A further conundrum is presented by the fact that traditional sequence compression, where redundancy is minimized and entropy maximized, dramatically increases the brittleness of a data stream: flipping bits in a zipped file is much more likely to render the original file unreadable than flipping bits in the uncompressed file. However, biology seems to welcome "data corruption", as evidenced by how resilient the genome is to mutation (mutation actually helps species adapt over time), and as evidenced by how well the brain works with uncertainty.

The CS approach to information compression increases brittleness

The most interesting theoretical approach to unifying the two apparently opposing forces of error correction and information compression is Kolmogorov complexity or "algorithmic information theory", which states that it may require significantly less space to describe a program that generates a given sequence or structure than is needed to directly represent it (or sequence-compress it). Algorithmic compression may be used by the brain to dramatically increase compression ratios of structure, making room for redundancy. (It is certain that algorithmic compression is used in the genome, because there are 30,000 immensely complex cells in your body for every base pair of DNA in your genome.)

The criticality of feedback in the learning process

Feedback (and the ability to respond to feedback by updating a model or by changing future behavior) is the single most critical element of a learning system -- in fact, without feedback, it is impossible to learn anything. However, the brain consists of probably trillions of nested feedback loops, and the emergent behavior of a system incorporating even just a few linked feedback loops can be hard to characterize. It is critical to understand how the vast number of interacting feedback loops in the brain work together harmoniously at different scales if we hope to build a brain-like system. We have a lot of work to do to understand the global and local behavioral rules in the brain that together lead to its emergent properties.

The use of feedback in machine learning has so far mostly been limited to the process of minimization of test-set error during training (through the process of backpropagation or an analog). Time series feedback loops in recurrent networks are also immensely powerful though, and these can be trained using backpropagation through time. Recurrent networks and other time series based models can be used for temporal prediction ("Memory prediction framework" in Wikipedia). Prediction is a fundamental property of intelligence: the brain is constantly simulating the world around it on a subconscious level, comparing the observed to the expected, and then updating the predictive model to minimize the error and taking corrective action based on unexpected contingencies.

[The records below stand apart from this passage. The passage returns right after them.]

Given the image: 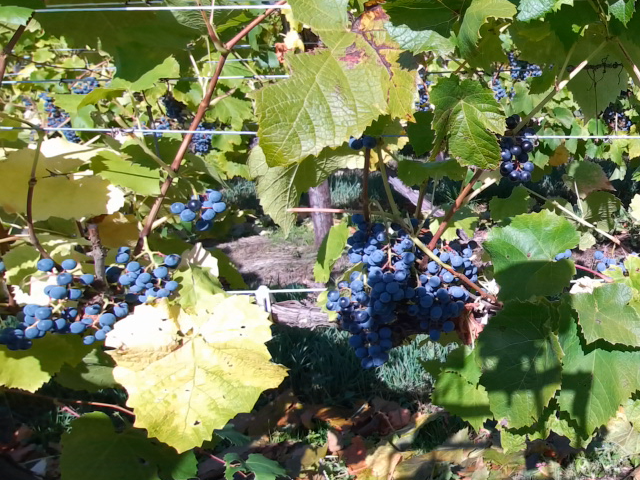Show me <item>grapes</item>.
Returning a JSON list of instances; mask_svg holds the SVG:
<instances>
[{"label":"grapes","instance_id":"grapes-10","mask_svg":"<svg viewBox=\"0 0 640 480\" xmlns=\"http://www.w3.org/2000/svg\"><path fill=\"white\" fill-rule=\"evenodd\" d=\"M348 145L352 149H374L377 146V141L369 135H363L361 139L351 137L348 141Z\"/></svg>","mask_w":640,"mask_h":480},{"label":"grapes","instance_id":"grapes-2","mask_svg":"<svg viewBox=\"0 0 640 480\" xmlns=\"http://www.w3.org/2000/svg\"><path fill=\"white\" fill-rule=\"evenodd\" d=\"M52 308L27 303L22 312L16 315L20 325L12 330L7 329L0 335V342L8 344L10 350H29L34 346V338H42L47 332L58 331L60 334L72 335L85 333L93 324L91 317H85L79 321L67 323L63 318L51 319Z\"/></svg>","mask_w":640,"mask_h":480},{"label":"grapes","instance_id":"grapes-6","mask_svg":"<svg viewBox=\"0 0 640 480\" xmlns=\"http://www.w3.org/2000/svg\"><path fill=\"white\" fill-rule=\"evenodd\" d=\"M433 252L458 271L463 267V274L471 281H477L479 279L477 266L470 261L473 255V247L470 244H465L459 252L452 250L450 253H447L440 247H435Z\"/></svg>","mask_w":640,"mask_h":480},{"label":"grapes","instance_id":"grapes-7","mask_svg":"<svg viewBox=\"0 0 640 480\" xmlns=\"http://www.w3.org/2000/svg\"><path fill=\"white\" fill-rule=\"evenodd\" d=\"M129 313V305L125 301H120L117 305L113 307L111 313H105L100 316L99 324L103 329H99L95 333V337L93 335H86L83 338V343L86 347H90L95 339L97 341H103L107 338V332L112 330L111 325L116 322V317H124Z\"/></svg>","mask_w":640,"mask_h":480},{"label":"grapes","instance_id":"grapes-8","mask_svg":"<svg viewBox=\"0 0 640 480\" xmlns=\"http://www.w3.org/2000/svg\"><path fill=\"white\" fill-rule=\"evenodd\" d=\"M58 285H47L44 288V294L54 300L63 301L65 297L68 300H78L81 297V291L78 288H70L66 290L63 286L72 282V275L68 272L59 273L56 276Z\"/></svg>","mask_w":640,"mask_h":480},{"label":"grapes","instance_id":"grapes-1","mask_svg":"<svg viewBox=\"0 0 640 480\" xmlns=\"http://www.w3.org/2000/svg\"><path fill=\"white\" fill-rule=\"evenodd\" d=\"M351 222L358 231L348 239L347 259L368 265L367 284L371 293L364 289L363 274L354 271L350 281L340 279L337 289L327 293L326 308L337 311L341 327L352 332L349 345L355 348L354 356L361 358V367L372 369L388 360L386 351L392 347L391 328L381 323L393 318L391 310L401 299L415 302L409 306L408 314L418 317L421 330H426L430 321L441 323L443 331L451 333L455 328L453 319L469 301L468 293L454 284V277L435 262H429L426 271L417 275L422 285L414 290L406 280L410 277V264L415 262V255L405 252L413 246L407 230L401 228L399 222H390L389 228L398 231L402 241L392 243L393 269L383 272L379 265L387 259V254L376 244L386 241L385 227L375 223L369 228L362 216H352Z\"/></svg>","mask_w":640,"mask_h":480},{"label":"grapes","instance_id":"grapes-9","mask_svg":"<svg viewBox=\"0 0 640 480\" xmlns=\"http://www.w3.org/2000/svg\"><path fill=\"white\" fill-rule=\"evenodd\" d=\"M594 257L597 260L601 261L596 265V270L598 272H605L608 269V266H612V267L617 266L622 272H625L627 270L626 264L624 262L622 261L617 262L614 258H611L610 256L606 257L603 251H596L594 253Z\"/></svg>","mask_w":640,"mask_h":480},{"label":"grapes","instance_id":"grapes-4","mask_svg":"<svg viewBox=\"0 0 640 480\" xmlns=\"http://www.w3.org/2000/svg\"><path fill=\"white\" fill-rule=\"evenodd\" d=\"M222 200V194L216 189H208L205 196L194 195L186 201H179L171 205L174 215H179L182 222H190L196 218V211L204 209L200 213V219L194 222V227L198 231L209 232L211 223L216 218V213H224L227 204Z\"/></svg>","mask_w":640,"mask_h":480},{"label":"grapes","instance_id":"grapes-5","mask_svg":"<svg viewBox=\"0 0 640 480\" xmlns=\"http://www.w3.org/2000/svg\"><path fill=\"white\" fill-rule=\"evenodd\" d=\"M520 146H511L508 148H502L500 150V174L506 176L509 182L516 183H528L533 179L534 164L532 162H525L523 167L519 171H515L514 163L510 161L512 155L520 156L522 150L524 152H530L534 147V142L530 139H522Z\"/></svg>","mask_w":640,"mask_h":480},{"label":"grapes","instance_id":"grapes-3","mask_svg":"<svg viewBox=\"0 0 640 480\" xmlns=\"http://www.w3.org/2000/svg\"><path fill=\"white\" fill-rule=\"evenodd\" d=\"M128 274H123L118 266H110L105 269V276L109 281L117 282L120 285H130L131 292L125 294L128 303L138 301L140 304L146 303L156 297L167 298L171 291L177 289L178 283L175 280L167 281L162 289H154L151 283V275L142 273L143 267L136 261H130L125 266Z\"/></svg>","mask_w":640,"mask_h":480}]
</instances>
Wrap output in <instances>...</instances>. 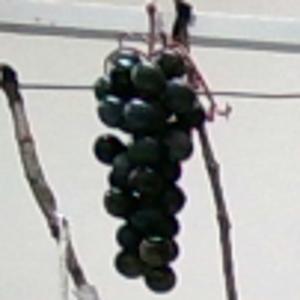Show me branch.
<instances>
[{
	"mask_svg": "<svg viewBox=\"0 0 300 300\" xmlns=\"http://www.w3.org/2000/svg\"><path fill=\"white\" fill-rule=\"evenodd\" d=\"M0 89L12 116L14 140L18 147L20 164L27 186L38 208L46 219L51 239L61 248L65 256V269L80 294V300H102L95 286L89 284L84 269L75 254L68 217L58 216L57 201L44 174L36 143L27 121L24 98L20 91L18 72L6 62H0Z\"/></svg>",
	"mask_w": 300,
	"mask_h": 300,
	"instance_id": "branch-1",
	"label": "branch"
},
{
	"mask_svg": "<svg viewBox=\"0 0 300 300\" xmlns=\"http://www.w3.org/2000/svg\"><path fill=\"white\" fill-rule=\"evenodd\" d=\"M174 5V20L171 24L170 39L174 50L184 54L188 61L186 71V84L195 88L198 94L196 83V69L190 56V27L197 23V15L194 14V6L186 0H172Z\"/></svg>",
	"mask_w": 300,
	"mask_h": 300,
	"instance_id": "branch-3",
	"label": "branch"
},
{
	"mask_svg": "<svg viewBox=\"0 0 300 300\" xmlns=\"http://www.w3.org/2000/svg\"><path fill=\"white\" fill-rule=\"evenodd\" d=\"M194 130L197 134L201 159L204 162V169L207 172L208 181L210 182L211 196L215 204V221L219 229L222 274L225 282V300H239L236 290L235 261L232 260L233 246L230 237L233 223L229 218L227 203L224 197V186L222 187L221 185L220 163L215 158L212 144L209 141L206 119L202 126Z\"/></svg>",
	"mask_w": 300,
	"mask_h": 300,
	"instance_id": "branch-2",
	"label": "branch"
}]
</instances>

Temporal prediction is a core concept in Jeff Hawkins' book On Intelligence, however Jeff's HTM framework is far too rigid and discrete in the implementation of these ideas to be generally applicable to substantial real-world problems.

How to build a brain

Building a computational structure with multiscale, feedback-based, predictive properties similar to those in the brain is critical to creating machine intelligence that will be useful in the human realm. Until we figure out how to do this, we're stuck with machine learning amounting to nothing more than the process of learning arbitrary function approximators.

Jeff Hawkins' HTM framework looks a lot more like a big Boolean logic network than the soft, fuzzy Bayesian belief network present in the brain. The basic ideas behind HTM are sound, but we need to replace HTM's regular, binarized, absolute-coordinate grid system with something more amorphous, reconfigurable and fuzzy, and we need to propagate Bayesian beliefs rather than binary signals. Building such a system so that it has the desired behavior will be a hard engineering challenge, but the resulting system should be, ironically, much closer to the principles Jeff describes in his own book.

Most importantly, however, we will have built something that functions a lot more like the human brain than most existing machine learning algorithms -- something that, through having a cognitive "impedance" correctly matched to the human brain, will more naturally interface with and extend our own intelligence.